Associated with the salt in the superficial beds, there are numerous, thin, horizontal layers of impure, dirty-white, friable, gypseous and calcareous tuffs. The gypseous beds are very remarkable, from abounding with, so as sometimes to be almost composed of, irregular concretions, from the size of an egg to that of a man’s head, of very hard, compact, heavy gypsum, in the form of anhydrite. This gypsum contains some foreign particles of stone; it is stained, judging from its action with borax, with iron, and it exhales a strong aluminous odour. The surfaces of the concretions are marked by sharp, radiating, or bifurcating ridges, as if they had been (but not really) corroded: internally they are penetrated by branching veins (like those of calcareous spar in the septaria of the London clay) of pure white anhydrite. These veins might naturally have been thought to have been formed by subsequent infiltration, had not each little embedded fragment of rock been likewise edged in a very remarkable manner by a narrow border of the same white anhydrite: this shows that the veins must have been formed by a process of segregation, and not of infiltration. Some of the little included and cracked fragments of foreign rock are penetrated by the anhydrite, and portions have evidently been thus mechanically displaced: at St. Helena, I observed that calcareous matter, deposited by rain water, also had the power to separate small fragments of rock from the larger masses.[[14]] I believe the superficial gypseous deposit is widely extended: I received specimens of it from Pisagua, forty miles north of Iquique, and likewise from Arica, where it coats a layer of pure salt. M. d’Orbigny[[15]] found at Cobija a bed of clay, lying above a mass of upraised recent shells, which was saturated with sulphate of soda, and included thin layers of fibrous gypsum. These widely extended, superficial, beds of salt and gypsum, appear to me an interesting geological phenomenon, which could be presented only under a very dry climate.

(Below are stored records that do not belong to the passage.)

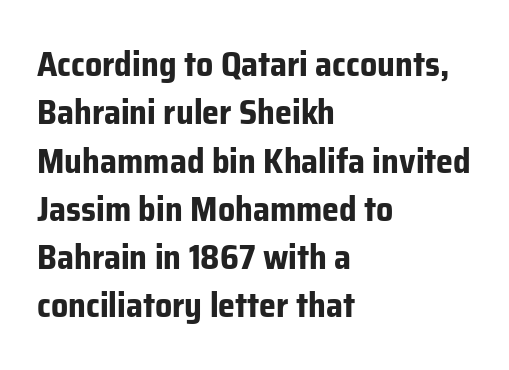
Clear beneath every line of the passage. Notice how descenders clear the ascenders below comfortably — that's standard leading. The letters carry no serifs — their stems end cleanly without finishing strokes. This is heavy type, rendered in bold. Does the copy run flush right? No — it runs flush left.
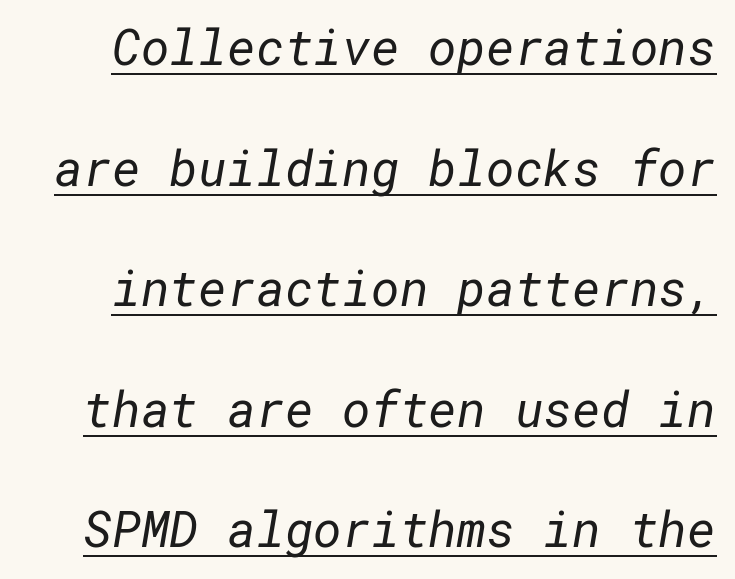
{"serif": "no", "bold": "no", "weight": "regular", "width": "normal", "stroke_contrast": "low", "x_height": "medium", "underline": "yes", "line_spacing": "loose", "line_spacing_ratio": 2.46, "letter_spacing": "normal", "letter_spacing_em": 0.0, "glyph_px": 49}
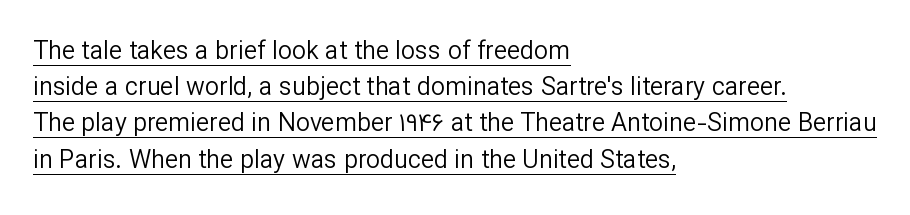
Q: Is the text bold? A: No.
Q: Is the text italic (slanted)? A: No, it is upright.
Q: Is the text underlined? A: Yes.
Q: How is the paragraph aligned? A: Left-aligned.
Q: Is the spacing between letters normal or unusually wide? A: Normal.
Q: Is the spacing between lines tight, normal or loose? A: Normal.

[14] “Volcanic Islands,” etc., p. 87.
[15] “Voyage Géolog.,” etc., p. 95.
The plain or basin, on the borders of which the famous bed of nitrate of soda lies, is situated at the distance of about thirty miles from the sea, being separated from it by the saliferous district just described. It stands at a height of 3,300 feet; its surface is level, and some leagues in width; it extends forty miles northward, and has a total length (as I was informed by Mr. Belford Wilson, the Consul-General at Lima) of 420 miles. In a well near the works, thirty-six yards in depth, sand, earth, and a little gravel were found: in another well, near Almonte, fifty yards deep, the whole consisted, according to Mr. Blake,[[16]] of clay, including a layer of sand two feet thick, which rested on fine gravel, and this on coarse gravel, with large rounded fragments of rock. In many parts of this now utterly desert plain, rushes and large prostrate trees in a hardened state, apparently Mimosas, are found buried, at a depth from three to six feet; according to Mr. Blake, they have all fallen to the south-west. The bed of nitrate of soda is said to extend for forty to fifty leagues along the western margin of the plain, but is not found in its central parts: it is from two to three feet in thickness, and is so hard that it is generally blasted with gunpowder; it slopes gently upwards from the edge of the plain to between ten and thirty feet above its level. It rests on sand in which, it is said, vegetable remains and broken shells have been found; shells have also been found, according to Mr. Blake, both on and in the nitrate of soda. It is covered by a superficial mass of sand, containing nodules of common salt, and, as I was assured by a miner, much soft gypseous matter, precisely like that in the superficial crust already described: certainly this crust, with its characteristic concretions of anhydrite, comes close down to the edge of the plain.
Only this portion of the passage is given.